**DATA SUPPLIED:**
---------------

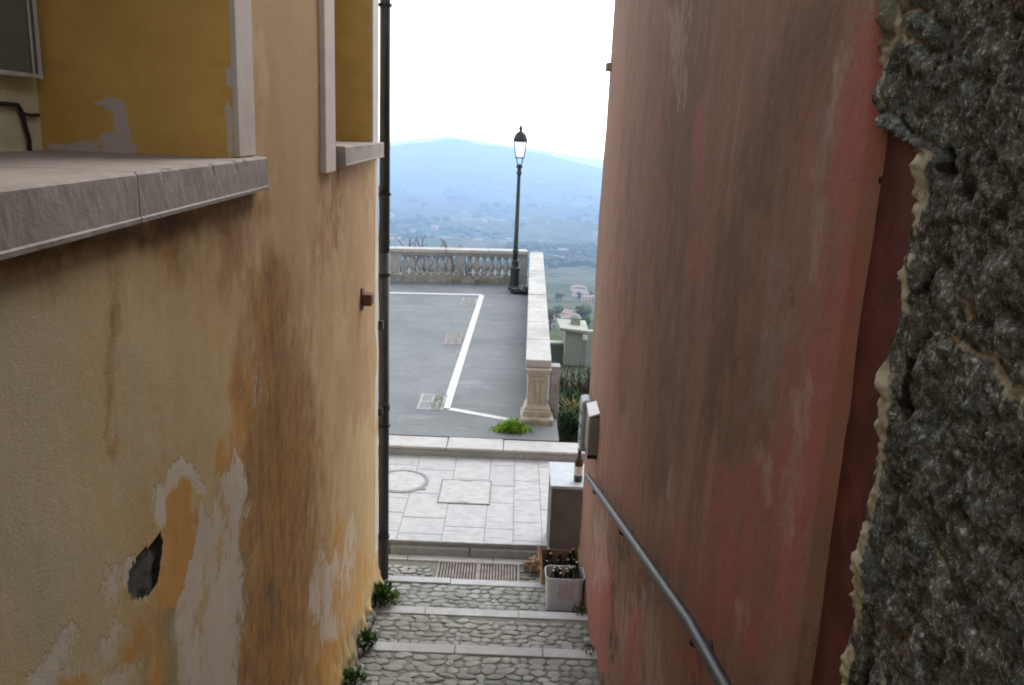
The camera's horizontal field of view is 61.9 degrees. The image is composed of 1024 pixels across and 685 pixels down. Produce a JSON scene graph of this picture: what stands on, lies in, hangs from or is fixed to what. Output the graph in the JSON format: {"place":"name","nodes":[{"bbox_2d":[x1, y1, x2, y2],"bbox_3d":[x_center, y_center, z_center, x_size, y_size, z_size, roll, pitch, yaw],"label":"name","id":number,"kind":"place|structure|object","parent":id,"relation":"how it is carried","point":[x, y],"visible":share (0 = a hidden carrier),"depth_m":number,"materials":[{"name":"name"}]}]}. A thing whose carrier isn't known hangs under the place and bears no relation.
{"place":"outdoors","nodes":[
{"label":"outdoors","id":0,"kind":"place"},
{"bbox_2d":[378,281,558,441],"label":"terrace paving","id":1,"kind":"structure","parent":0,"point":[423,358],"depth_m":16.04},
{"bbox_2d":[416,393,446,410],"bbox_3d":[-1.248,0.939,13.525,0.458,0.050,0.875,2,14,0],"label":"drain cover","id":2,"kind":"object","parent":1,"relation":"on","point":[437,401],"visible":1,"depth_m":13.50,"materials":[{"name":"grey metal"}]},
{"bbox_2d":[378,292,519,420],"bbox_3d":[-5.274,-0.111,17.177,10.062,0.027,10.332,1,14,-6],"label":"inlaid line","id":3,"kind":"object","parent":1,"relation":"on","point":[456,373],"visible":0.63,"depth_m":15.86,"materials":[{"name":"white paint"}]},
{"bbox_2d":[443,333,462,344],"bbox_3d":[-1.214,-0.075,17.643,0.340,0.050,0.950,2,14,0],"label":"drain cover","id":4,"kind":"object","parent":1,"relation":"on","point":[450,339],"visible":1,"depth_m":17.60,"materials":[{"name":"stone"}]},
{"bbox_2d":[378,246,528,283],"bbox_3d":[-4.051,-2.177,23.971,9.027,1.039,0.460,1,14,-7],"label":"balustrade","id":5,"kind":"object","parent":1,"relation":"on","point":[457,276],"visible":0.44,"depth_m":24.14,"materials":[{"name":"stone"}]},
{"bbox_2d":[460,298,477,305],"bbox_3d":[-1.085,-1.019,21.489,0.416,0.050,1.008,2,14,0],"label":"drain cover","id":6,"kind":"object","parent":1,"relation":"on","point":[467,301],"visible":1,"depth_m":21.46,"materials":[{"name":"grey metal"}]},
{"bbox_2d":[486,416,539,434],"bbox_3d":[0.018,1.174,12.394,0.792,0.216,0.516,2,14,0],"label":"grass clump","id":7,"kind":"object","parent":1,"relation":"on","point":[511,425],"visible":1,"depth_m":12.32,"materials":[{"name":"green plant"}]},
{"bbox_2d":[510,286,520,293],"bbox_3d":[0.127,-1.394,22.916,0.358,0.223,0.308,2,14,0],"label":"rubbish bag","id":8,"kind":"object","parent":1,"relation":"on","point":[514,290],"visible":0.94,"depth_m":22.82,"materials":[{"name":"black plastic"}]},
{"bbox_2d":[508,125,527,289],"bbox_3d":[0.153,-3.584,22.959,0.380,4.380,0.380,2,14,0],"label":"street lamp","id":9,"kind":"object","parent":1,"relation":"on","point":[520,139],"visible":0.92,"depth_m":22.88,"materials":[{"name":"black metal"}]},
{"bbox_2d":[518,285,527,294],"bbox_3d":[0.324,-1.395,22.848,0.365,0.280,0.350,-11,19,-43],"label":"rubbish bag","id":10,"kind":"object","parent":1,"relation":"on","point":[523,289],"visible":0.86,"depth_m":22.74,"materials":[{"name":"black plastic"}]},
{"bbox_2d":[520,252,559,425],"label":"parapet","id":11,"kind":"structure","parent":1,"relation":"on","point":[538,408],"depth_m":12.96,"materials":[{"name":"stone"}]},
{"bbox_2d":[378,454,574,547],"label":"street","id":12,"kind":"structure","parent":0,"point":[513,513],"depth_m":10.18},
{"bbox_2d":[378,469,428,492],"bbox_3d":[-1.402,1.761,10.816,0.691,0.028,0.691,2,15,0],"label":"manhole cover","id":13,"kind":"object","parent":12,"relation":"on","point":[403,481],"visible":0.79,"depth_m":10.80,"materials":[{"name":"grey metal"}]},
{"bbox_2d":[437,479,491,504],"bbox_3d":[-0.581,1.862,10.586,0.638,0.038,0.676,2,15,0],"label":"manhole cover","id":14,"kind":"object","parent":12,"relation":"on","point":[457,491],"visible":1,"depth_m":10.56,"materials":[{"name":"grey stone"}]},
{"bbox_2d":[389,542,546,559],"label":"kerb","id":15,"kind":"structure","parent":12,"relation":"on","point":[408,549],"depth_m":9.34,"materials":[{"name":"grey stone"}]},
{"bbox_2d":[378,435,584,461],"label":"kerb","id":16,"kind":"structure","parent":12,"relation":"on","point":[476,448],"depth_m":11.64,"materials":[{"name":"white stone"}]},
{"bbox_2d":[353,558,600,684],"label":"stepped path","id":17,"kind":"structure","parent":0,"point":[431,628],"depth_m":7.32,"materials":[{"name":"stone"}]},
{"bbox_2d":[342,666,368,684],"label":"weed clump","id":18,"kind":"object","parent":17,"relation":"on","point":[349,673],"visible":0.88,"depth_m":6.13,"materials":[{"name":"green plant"}]},
{"bbox_2d":[344,601,378,684],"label":"wall footing","id":19,"kind":"object","parent":17,"relation":"on","point":[371,617],"depth_m":7.21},
{"bbox_2d":[356,627,380,649],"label":"weed clump","id":20,"kind":"object","parent":17,"relation":"on","point":[366,636],"visible":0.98,"depth_m":6.84,"materials":[{"name":"green plant"}]},
{"bbox_2d":[371,580,401,607],"bbox_3d":[-1.183,2.265,7.762,0.353,0.238,0.343,11,16,33],"label":"weed clump","id":21,"kind":"object","parent":17,"relation":"on","point":[381,595],"visible":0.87,"depth_m":7.76,"materials":[{"name":"green plant"}]},
{"bbox_2d":[386,588,403,604],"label":"weed clump","id":22,"kind":"object","parent":17,"relation":"on","point":[396,597],"visible":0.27,"depth_m":8.06,"materials":[{"name":"green plant"}]},
{"bbox_2d":[389,554,526,564],"bbox_3d":[0.037,2.432,9.302,16.263,0.113,0.111,2,14,0],"label":"gutter strip","id":23,"kind":"object","parent":17,"relation":"on","point":[402,557],"visible":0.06,"depth_m":9.28,"materials":[{"name":"white stone"}]},
{"bbox_2d":[435,561,519,581],"bbox_3d":[-0.361,2.452,9.014,0.883,0.042,0.455,2,14,0],"label":"drain grate","id":24,"kind":"object","parent":17,"relation":"on","point":[478,571],"visible":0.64,"depth_m":9.06,"materials":[{"name":"metal"}]},
{"bbox_2d":[523,555,539,573],"bbox_3d":[0.260,2.371,9.106,0.289,0.211,0.230,2,14,0],"label":"crumpled paper","id":25,"kind":"object","parent":17,"relation":"on","point":[532,565],"visible":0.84,"depth_m":9.06,"materials":[{"name":"beige paper"}]},
{"bbox_2d":[537,544,580,583],"bbox_3d":[0.472,2.316,8.661,0.441,0.439,0.340,2,14,0],"label":"cardboard box","id":26,"kind":"object","parent":17,"relation":"on","point":[542,554],"visible":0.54,"depth_m":8.79,"materials":[{"name":"brown cardboard"}]},
{"bbox_2d":[545,548,550,564],"bbox_3d":[0.381,2.255,8.764,0.072,0.284,0.074,-2,5,-35],"label":"bottle","id":27,"kind":"object","parent":26,"relation":"in","point":[549,551],"visible":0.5,"depth_m":8.74,"materials":[{"name":"green glass"}]},
{"bbox_2d":[548,552,552,564],"bbox_3d":[0.378,2.264,8.647,0.072,0.284,0.074,9,10,6],"label":"bottle","id":28,"kind":"object","parent":26,"relation":"in","point":[550,560],"visible":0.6,"depth_m":8.61,"materials":[{"name":"green glass"}]},
{"bbox_2d":[558,552,561,564],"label":"bottle","id":29,"kind":"object","parent":26,"relation":"in","point":[560,559],"visible":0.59,"depth_m":8.76,"materials":[{"name":"brown glass"}]},
{"bbox_2d":[563,551,571,565],"bbox_3d":[0.569,2.270,8.752,0.074,0.284,0.072,-2,19,-45],"label":"bottle","id":30,"kind":"object","parent":26,"relation":"in","point":[569,555],"visible":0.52,"depth_m":8.72,"materials":[{"name":"green glass"}]},
{"bbox_2d":[571,548,575,564],"bbox_3d":[0.617,2.254,8.765,0.074,0.285,0.072,6,8,24],"label":"bottle","id":31,"kind":"object","parent":26,"relation":"in","point":[572,554],"visible":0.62,"depth_m":8.74,"materials":[{"name":"green glass"}]},
{"bbox_2d":[546,462,583,549],"bbox_3d":[0.579,1.909,9.254,0.390,1.034,0.670,2,14,0],"label":"pedestal","id":32,"kind":"object","parent":17,"relation":"on","point":[565,499],"visible":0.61,"depth_m":8.93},
{"bbox_2d":[574,447,583,481],"bbox_3d":[0.700,1.274,8.917,0.096,0.368,0.094,2,14,0],"label":"bottle","id":33,"kind":"object","parent":32,"relation":"on","point":[578,469],"visible":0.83,"depth_m":8.89,"materials":[{"name":"brown glass"}]},
{"bbox_2d":[545,565,584,610],"bbox_3d":[0.493,2.335,8.108,0.372,0.343,0.261,2,14,0],"label":"white box","id":34,"kind":"object","parent":17,"relation":"on","point":[563,594],"visible":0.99,"depth_m":8.00,"materials":[{"name":"plastic"}]},
{"bbox_2d":[550,569,555,577],"bbox_3d":[0.383,2.250,8.019,0.064,0.254,0.062,15,21,35],"label":"bottle","id":35,"kind":"object","parent":34,"relation":"in","point":[553,574],"visible":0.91,"depth_m":7.98,"materials":[{"name":"brown glass"}]},
{"bbox_2d":[565,570,570,578],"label":"bottle","id":36,"kind":"object","parent":34,"relation":"in","point":[567,575],"visible":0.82,"depth_m":8.00,"materials":[{"name":"brown glass"}]},
{"bbox_2d":[570,566,577,578],"bbox_3d":[0.586,2.241,8.032,0.072,0.284,0.074,-11,12,-31],"label":"bottle","id":37,"kind":"object","parent":34,"relation":"in","point":[573,575],"visible":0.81,"depth_m":8.00,"materials":[{"name":"green glass"}]},
{"bbox_2d":[575,561,579,578],"bbox_3d":[0.613,2.218,8.146,0.074,0.284,0.072,-7,21,-34],"label":"bottle","id":38,"kind":"object","parent":34,"relation":"in","point":[577,570],"visible":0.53,"depth_m":8.11,"materials":[{"name":"green glass"}]},
{"bbox_2d":[572,604,585,614],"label":"weed clump","id":39,"kind":"object","parent":17,"relation":"on","point":[581,608],"visible":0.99,"depth_m":7.77,"materials":[{"name":"green plant"}]},
{"bbox_2d":[581,643,595,654],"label":"weed clump","id":40,"kind":"object","parent":17,"relation":"on","point":[588,645],"visible":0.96,"depth_m":6.90,"materials":[{"name":"green plant"}]},
{"bbox_2d":[579,0,917,684],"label":"pink house","id":41,"kind":"structure","parent":17,"relation":"on","point":[758,200],"depth_m":2.89,"materials":[{"name":"red paint"}]},
{"bbox_2d":[578,394,592,451],"bbox_3d":[0.698,0.768,8.138,0.114,0.514,0.250,2,14,0],"label":"conduit box","id":42,"kind":"object","parent":41,"relation":"attached to","point":[585,399],"visible":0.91,"depth_m":8.04,"materials":[{"name":"metal"}]},
{"bbox_2d":[585,401,599,458],"bbox_3d":[0.707,0.770,7.548,0.095,0.443,0.318,2,14,0],"label":"meter box","id":43,"kind":"object","parent":41,"relation":"attached to","point":[592,429],"visible":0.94,"depth_m":7.42,"materials":[{"name":"grey paint"}]},
{"bbox_2d":[585,413,588,449],"bbox_3d":[0.663,0.783,7.550,0.004,0.285,0.220,2,14,0],"label":"door","id":44,"kind":"structure","parent":43,"relation":"in","point":[587,419],"depth_m":7.52,"materials":[{"name":"grey paint"}]},
{"bbox_2d":[584,473,731,684],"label":"handrail","id":45,"kind":"object","parent":41,"relation":"attached to","point":[700,643],"visible":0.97,"depth_m":3.39,"materials":[{"name":"metal"}]},
{"bbox_2d":[840,0,1023,684],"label":"stone wall","id":46,"kind":"structure","parent":17,"relation":"on","point":[937,570],"depth_m":1.54,"materials":[{"name":"grey stone"}]},
{"bbox_2d":[378,180,600,340],"bbox_3d":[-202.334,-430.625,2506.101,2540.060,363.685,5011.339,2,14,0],"label":"valley","id":47,"kind":"structure","parent":0,"point":[561,227],"depth_m":2283.34,"materials":[{"name":"blue"}]},
{"bbox_2d":[390,237,400,239],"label":"house","id":48,"kind":"structure","parent":47,"relation":"on","point":[394,238],"depth_m":1607.38,"materials":[{"name":"ceramic"}]},
{"bbox_2d":[431,225,438,229],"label":"house","id":49,"kind":"structure","parent":47,"relation":"on","point":[434,227],"depth_m":2141.06,"materials":[{"name":"ceramic"}]},
{"bbox_2d":[462,218,472,222],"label":"house","id":50,"kind":"structure","parent":47,"relation":"on","point":[464,220],"depth_m":2283.32,"materials":[{"name":"ceramic"}]},
{"bbox_2d":[378,180,598,272],"bbox_3d":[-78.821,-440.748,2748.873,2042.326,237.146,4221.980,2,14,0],"label":"woods","id":51,"kind":"object","parent":47,"relation":"on","point":[583,253],"visible":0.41,"depth_m":1712.27,"materials":[{"name":"blue plant"}]},
{"bbox_2d":[499,240,507,245],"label":"house","id":52,"kind":"structure","parent":47,"relation":"on","point":[503,242],"depth_m":1559.98,"materials":[{"name":"ceramic"}]},
{"bbox_2d":[505,237,512,242],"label":"house","id":53,"kind":"structure","parent":47,"relation":"on","point":[508,239],"depth_m":1664.98,"materials":[{"name":"ceramic"}]},
{"bbox_2d":[548,316,557,328],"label":"house","id":54,"kind":"structure","parent":47,"relation":"on","point":[554,323],"depth_m":272.95,"materials":[{"name":"ceramic"}]},
{"bbox_2d":[548,309,562,330],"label":"tree","id":55,"kind":"object","parent":47,"relation":"on","point":[551,315],"visible":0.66,"depth_m":256.12,"materials":[{"name":"green plant"}]},
{"bbox_2d":[553,305,564,311],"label":"tree","id":56,"kind":"object","parent":47,"relation":"on","point":[561,309],"visible":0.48,"depth_m":430.15,"materials":[{"name":"green plant"}]},
{"bbox_2d":[557,314,572,325],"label":"house","id":57,"kind":"structure","parent":47,"relation":"on","point":[567,316],"depth_m":289.37,"materials":[{"name":"ceramic"}]},
{"bbox_2d":[562,309,574,314],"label":"house","id":58,"kind":"structure","parent":47,"relation":"on","point":[566,311],"depth_m":304.57,"materials":[{"name":"ceramic"}]},
{"bbox_2d":[570,285,578,290],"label":"house","id":59,"kind":"structure","parent":47,"relation":"on","point":[572,287],"depth_m":679.63,"materials":[{"name":"ceramic"}]},
{"bbox_2d":[571,293,579,298],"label":"house","id":60,"kind":"structure","parent":47,"relation":"on","point":[573,296],"depth_m":606.41,"materials":[{"name":"ceramic"}]},
{"bbox_2d":[572,289,587,292],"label":"house","id":61,"kind":"structure","parent":47,"relation":"on","point":[579,290],"depth_m":650.96,"materials":[{"name":"ceramic"}]},
{"bbox_2d":[578,285,586,289],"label":"house","id":62,"kind":"structure","parent":47,"relation":"on","point":[582,287],"depth_m":675.10,"materials":[{"name":"ceramic"}]},
{"bbox_2d":[573,308,592,317],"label":"tree","id":63,"kind":"object","parent":47,"relation":"on","point":[577,311],"visible":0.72,"depth_m":280.60,"materials":[{"name":"green plant"}]},
{"bbox_2d":[575,304,591,315],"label":"tree","id":64,"kind":"object","parent":47,"relation":"on","point":[583,307],"visible":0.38,"depth_m":292.61,"materials":[{"name":"green plant"}]},
{"bbox_2d":[581,295,591,301],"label":"house","id":65,"kind":"structure","parent":47,"relation":"on","point":[587,298],"depth_m":579.89,"materials":[{"name":"ceramic"}]},
{"bbox_2d":[582,316,593,325],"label":"tree","id":66,"kind":"object","parent":47,"relation":"on","point":[588,321],"visible":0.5,"depth_m":247.18,"materials":[{"name":"green plant"}]},
{"bbox_2d":[378,139,602,192],"bbox_3d":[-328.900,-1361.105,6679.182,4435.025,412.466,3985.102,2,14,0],"label":"mountain","id":67,"kind":"structure","parent":0,"point":[456,163],"depth_m":6435.56,"materials":[{"name":"blue"}]},
{"bbox_2d":[378,0,614,168],"label":"sky","id":68,"kind":"structure","parent":0,"point":[475,71],"materials":[{"name":"white"}]},
{"bbox_2d":[551,362,590,442],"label":"garden ground","id":69,"kind":"structure","parent":0,"point":[575,440],"depth_m":20.42,"materials":[{"name":"green plant"}]},
{"bbox_2d":[0,0,383,684],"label":"yellow house","id":70,"kind":"structure","parent":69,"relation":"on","point":[188,352],"depth_m":3.09,"materials":[{"name":"paint"}]},
{"bbox_2d":[0,0,268,260],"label":"window","id":71,"kind":"structure","parent":70,"relation":"in","point":[115,114],"depth_m":3.09,"materials":[{"name":"paint"}]},
{"bbox_2d":[318,0,383,173],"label":"window","id":72,"kind":"structure","parent":70,"relation":"in","point":[348,29],"depth_m":6.75,"materials":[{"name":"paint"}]},
{"bbox_2d":[361,286,373,310],"bbox_3d":[-1.127,-0.340,6.614,0.095,0.175,0.120,2,14,0],"label":"iron stub","id":73,"kind":"object","parent":70,"relation":"attached to","point":[367,298],"visible":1,"depth_m":6.56,"materials":[{"name":"brown metal"}]},
{"bbox_2d":[378,186,383,504],"bbox_3d":[-1.197,0.093,7.790,0.045,3.000,0.060,2,14,0],"label":"cable","id":74,"kind":"object","parent":70,"relation":"attached to","point":[380,327],"visible":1,"depth_m":7.74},
{"bbox_2d":[378,0,391,579],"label":"downpipe","id":75,"kind":"object","parent":70,"relation":"attached to","point":[385,6],"visible":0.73,"depth_m":7.74,"materials":[{"name":"black metal"}]},
{"bbox_2d":[400,237,446,271],"bbox_3d":[-2.911,-1.234,26.332,2.493,3.994,2.185,2,14,0],"label":"bare shrub","id":76,"kind":"object","parent":69,"relation":"on","point":[417,257],"visible":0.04,"depth_m":26.10,"materials":[{"name":"plant"}]},
{"bbox_2d":[394,234,458,284],"bbox_3d":[-2.272,-1.102,25.628,4.927,4.148,3.178,15,19,42],"label":"bare shrub","id":77,"kind":"object","parent":69,"relation":"on","point":[421,246],"visible":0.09,"depth_m":26.94,"materials":[{"name":"plant"}]},
{"bbox_2d":[437,237,487,284],"bbox_3d":[-1.180,-1.091,25.641,2.539,4.199,3.620,2,14,0],"label":"bare shrub","id":78,"kind":"object","parent":69,"relation":"on","point":[452,259],"visible":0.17,"depth_m":24.80,"materials":[{"name":"plant"}]},
{"bbox_2d":[424,245,528,277],"bbox_3d":[-1.365,-1.160,26.163,4.249,4.064,2.940,2,14,0],"label":"bare shrub","id":79,"kind":"object","parent":69,"relation":"on","point":[464,262],"visible":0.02,"depth_m":24.95,"materials":[{"name":"plant"}]},
{"bbox_2d":[550,340,563,362],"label":"garden wall","id":80,"kind":"structure","parent":69,"relation":"on","point":[556,347],"depth_m":27.77,"materials":[{"name":"grey concrete"}]},
{"bbox_2d":[557,407,578,440],"bbox_3d":[0.891,1.305,13.618,0.646,0.634,0.625,-2,15,-18],"label":"shrub","id":81,"kind":"object","parent":69,"relation":"on","point":[571,423],"visible":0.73,"depth_m":13.49,"materials":[{"name":"green plant"}]},
{"bbox_2d":[558,396,579,412],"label":"straw tuft","id":82,"kind":"object","parent":69,"relation":"on","point":[571,404],"visible":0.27,"depth_m":14.59,"materials":[{"name":"plant"}]},
{"bbox_2d":[558,387,580,416],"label":"shrub","id":83,"kind":"object","parent":69,"relation":"on","point":[569,394],"visible":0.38,"depth_m":14.77,"materials":[{"name":"green plant"}]},
{"bbox_2d":[552,360,590,393],"bbox_3d":[1.557,1.093,18.305,2.217,1.429,0.860,2,14,0],"label":"hedge","id":84,"kind":"object","parent":69,"relation":"on","point":[581,387],"visible":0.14,"depth_m":18.17,"materials":[{"name":"green plant"}]},
{"bbox_2d":[556,313,587,365],"bbox_3d":[2.587,0.654,27.556,2.378,3.146,1.742,2,14,0],"label":"chimney","id":85,"kind":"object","parent":69,"relation":"on","point":[574,329],"depth_m":26.88,"materials":[{"name":"white concrete"}]},
{"bbox_2d":[573,401,579,413],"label":"shrub","id":86,"kind":"object","parent":69,"relation":"on","point":[578,407],"visible":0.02,"depth_m":14.06,"materials":[{"name":"green plant"}]},
{"bbox_2d":[585,330,592,370],"bbox_3d":[2.196,1.233,24.897,0.160,3.264,0.200,2,14,0],"label":"white post","id":87,"kind":"object","parent":69,"relation":"on","point":[589,347],"visible":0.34,"depth_m":24.55,"materials":[{"name":"stone"}]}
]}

---------------

**INSTRUCTIONS FOR THE TASK:**
If a line in the records contains the word "rubbish", copy it.

**WRITTEN ANSWER:**
{"bbox_2d":[510,286,520,293],"bbox_3d":[0.127,-1.394,22.916,0.358,0.223,0.308,2,14,0],"label":"rubbish bag","id":8,"kind":"object","parent":1,"relation":"on","point":[514,290],"visible":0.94,"depth_m":22.82,"materials":[{"name":"black plastic"}]},
{"bbox_2d":[518,285,527,294],"bbox_3d":[0.324,-1.395,22.848,0.365,0.280,0.350,-11,19,-43],"label":"rubbish bag","id":10,"kind":"object","parent":1,"relation":"on","point":[523,289],"visible":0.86,"depth_m":22.74,"materials":[{"name":"black plastic"}]},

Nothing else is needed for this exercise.